◆ What is expected
Write out the data again in full, exactly as it reads.

[Records provided Boundary: Start]

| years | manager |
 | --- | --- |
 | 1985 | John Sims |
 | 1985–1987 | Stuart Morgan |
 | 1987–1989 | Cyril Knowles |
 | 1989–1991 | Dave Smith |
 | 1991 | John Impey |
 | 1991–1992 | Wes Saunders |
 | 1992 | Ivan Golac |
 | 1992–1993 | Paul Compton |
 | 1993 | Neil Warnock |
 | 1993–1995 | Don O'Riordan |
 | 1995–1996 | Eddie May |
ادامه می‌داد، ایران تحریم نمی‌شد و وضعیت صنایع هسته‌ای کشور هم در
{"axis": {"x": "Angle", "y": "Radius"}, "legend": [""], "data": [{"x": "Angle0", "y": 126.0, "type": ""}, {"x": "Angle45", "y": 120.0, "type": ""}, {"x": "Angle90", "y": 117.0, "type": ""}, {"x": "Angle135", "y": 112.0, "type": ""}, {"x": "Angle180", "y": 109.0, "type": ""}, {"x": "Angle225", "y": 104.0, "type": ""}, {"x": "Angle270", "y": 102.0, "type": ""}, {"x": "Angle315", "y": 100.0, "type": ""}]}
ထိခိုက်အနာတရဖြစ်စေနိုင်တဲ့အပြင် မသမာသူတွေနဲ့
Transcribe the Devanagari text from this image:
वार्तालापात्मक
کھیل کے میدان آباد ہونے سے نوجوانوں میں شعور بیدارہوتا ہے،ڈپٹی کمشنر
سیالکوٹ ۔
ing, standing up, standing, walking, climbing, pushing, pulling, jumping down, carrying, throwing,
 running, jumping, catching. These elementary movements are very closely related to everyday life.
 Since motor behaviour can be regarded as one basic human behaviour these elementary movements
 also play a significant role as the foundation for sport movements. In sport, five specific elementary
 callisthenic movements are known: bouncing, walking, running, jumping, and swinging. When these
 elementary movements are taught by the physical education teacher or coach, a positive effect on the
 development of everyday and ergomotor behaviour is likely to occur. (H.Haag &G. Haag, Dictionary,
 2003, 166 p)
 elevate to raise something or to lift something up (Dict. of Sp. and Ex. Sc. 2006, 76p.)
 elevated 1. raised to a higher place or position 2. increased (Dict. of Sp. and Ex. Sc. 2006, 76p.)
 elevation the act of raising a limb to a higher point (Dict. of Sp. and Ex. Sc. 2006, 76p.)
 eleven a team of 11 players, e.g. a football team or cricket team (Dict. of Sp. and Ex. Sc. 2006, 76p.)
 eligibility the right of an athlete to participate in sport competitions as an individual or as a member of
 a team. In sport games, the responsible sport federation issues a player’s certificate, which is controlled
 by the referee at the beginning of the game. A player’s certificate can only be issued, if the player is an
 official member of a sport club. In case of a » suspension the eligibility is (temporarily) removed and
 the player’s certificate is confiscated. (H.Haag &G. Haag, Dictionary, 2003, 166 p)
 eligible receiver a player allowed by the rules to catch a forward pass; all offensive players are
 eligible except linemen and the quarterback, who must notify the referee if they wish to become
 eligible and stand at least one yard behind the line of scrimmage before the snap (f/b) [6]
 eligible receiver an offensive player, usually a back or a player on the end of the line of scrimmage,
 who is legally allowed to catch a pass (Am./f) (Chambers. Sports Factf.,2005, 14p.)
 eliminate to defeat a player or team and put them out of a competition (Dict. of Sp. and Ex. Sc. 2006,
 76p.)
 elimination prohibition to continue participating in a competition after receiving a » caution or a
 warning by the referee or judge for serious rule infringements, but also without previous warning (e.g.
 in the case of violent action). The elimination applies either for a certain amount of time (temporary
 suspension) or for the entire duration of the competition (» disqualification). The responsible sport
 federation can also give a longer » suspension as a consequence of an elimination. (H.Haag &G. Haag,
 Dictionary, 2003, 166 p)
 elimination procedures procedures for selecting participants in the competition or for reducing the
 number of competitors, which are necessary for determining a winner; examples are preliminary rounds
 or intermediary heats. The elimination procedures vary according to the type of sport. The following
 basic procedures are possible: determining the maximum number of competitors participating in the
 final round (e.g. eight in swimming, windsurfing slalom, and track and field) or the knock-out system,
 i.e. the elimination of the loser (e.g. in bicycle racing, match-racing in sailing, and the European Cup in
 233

[Records provided Boundary: End]

◆ Completed exercise
| years | manager |
 | --- | --- |
 | 1985 | John Sims |
 | 1985–1987 | Stuart Morgan |
 | 1987–1989 | Cyril Knowles |
 | 1989–1991 | Dave Smith |
 | 1991 | John Impey |
 | 1991–1992 | Wes Saunders |
 | 1992 | Ivan Golac |
 | 1992–1993 | Paul Compton |
 | 1993 | Neil Warnock |
 | 1993–1995 | Don O'Riordan |
 | 1995–1996 | Eddie May |
ادامه می‌داد، ایران تحریم نمی‌شد و وضعیت صنایع هسته‌ای کشور هم در
{"axis": {"x": "Angle", "y": "Radius"}, "legend": [""], "data": [{"x": "Angle0", "y": 126.0, "type": ""}, {"x": "Angle45", "y": 120.0, "type": ""}, {"x": "Angle90", "y": 117.0, "type": ""}, {"x": "Angle135", "y": 112.0, "type": ""}, {"x": "Angle180", "y": 109.0, "type": ""}, {"x": "Angle225", "y": 104.0, "type": ""}, {"x": "Angle270", "y": 102.0, "type": ""}, {"x": "Angle315", "y": 100.0, "type": ""}]}
ထိခိုက်အနာတရဖြစ်စေနိုင်တဲ့အပြင် မသမာသူတွေနဲ့
Transcribe the Devanagari text from this image:
वार्तालापात्मक
کھیل کے میدان آباد ہونے سے نوجوانوں میں شعور بیدارہوتا ہے،ڈپٹی کمشنر
سیالکوٹ ۔
ing, standing up, standing, walking, climbing, pushing, pulling, jumping down, carrying, throwing,
 running, jumping, catching. These elementary movements are very closely related to everyday life.
 Since motor behaviour can be regarded as one basic human behaviour these elementary movements
 also play a significant role as the foundation for sport movements. In sport, five specific elementary
 callisthenic movements are known: bouncing, walking, running, jumping, and swinging. When these
 elementary movements are taught by the physical education teacher or coach, a positive effect on the
 development of everyday and ergomotor behaviour is likely to occur. (H.Haag &G. Haag, Dictionary,
 2003, 166 p)
 elevate to raise something or to lift something up (Dict. of Sp. and Ex. Sc. 2006, 76p.)
 elevated 1. raised to a higher place or position 2. increased (Dict. of Sp. and Ex. Sc. 2006, 76p.)
 elevation the act of raising a limb to a higher point (Dict. of Sp. and Ex. Sc. 2006, 76p.)
 eleven a team of 11 players, e.g. a football team or cricket team (Dict. of Sp. and Ex. Sc. 2006, 76p.)
 eligibility the right of an athlete to participate in sport competitions as an individual or as a member of
 a team. In sport games, the responsible sport federation issues a player’s certificate, which is controlled
 by the referee at the beginning of the game. A player’s certificate can only be issued, if the player is an
 official member of a sport club. In case of a » suspension the eligibility is (temporarily) removed and
 the player’s certificate is confiscated. (H.Haag &G. Haag, Dictionary, 2003, 166 p)
 eligible receiver a player allowed by the rules to catch a forward pass; all offensive players are
 eligible except linemen and the quarterback, who must notify the referee if they wish to become
 eligible and stand at least one yard behind the line of scrimmage before the snap (f/b) [6]
 eligible receiver an offensive player, usually a back or a player on the end of the line of scrimmage,
 who is legally allowed to catch a pass (Am./f) (Chambers. Sports Factf.,2005, 14p.)
 eliminate to defeat a player or team and put them out of a competition (Dict. of Sp. and Ex. Sc. 2006,
 76p.)
 elimination prohibition to continue participating in a competition after receiving a » caution or a
 warning by the referee or judge for serious rule infringements, but also without previous warning (e.g.
 in the case of violent action). The elimination applies either for a certain amount of time (temporary
 suspension) or for the entire duration of the competition (» disqualification). The responsible sport
 federation can also give a longer » suspension as a consequence of an elimination. (H.Haag &G. Haag,
 Dictionary, 2003, 166 p)
 elimination procedures procedures for selecting participants in the competition or for reducing the
 number of competitors, which are necessary for determining a winner; examples are preliminary rounds
 or intermediary heats. The elimination procedures vary according to the type of sport. The following
 basic procedures are possible: determining the maximum number of competitors participating in the
 final round (e.g. eight in swimming, windsurfing slalom, and track and field) or the knock-out system,
 i.e. the elimination of the loser (e.g. in bicycle racing, match-racing in sailing, and the European Cup in
 233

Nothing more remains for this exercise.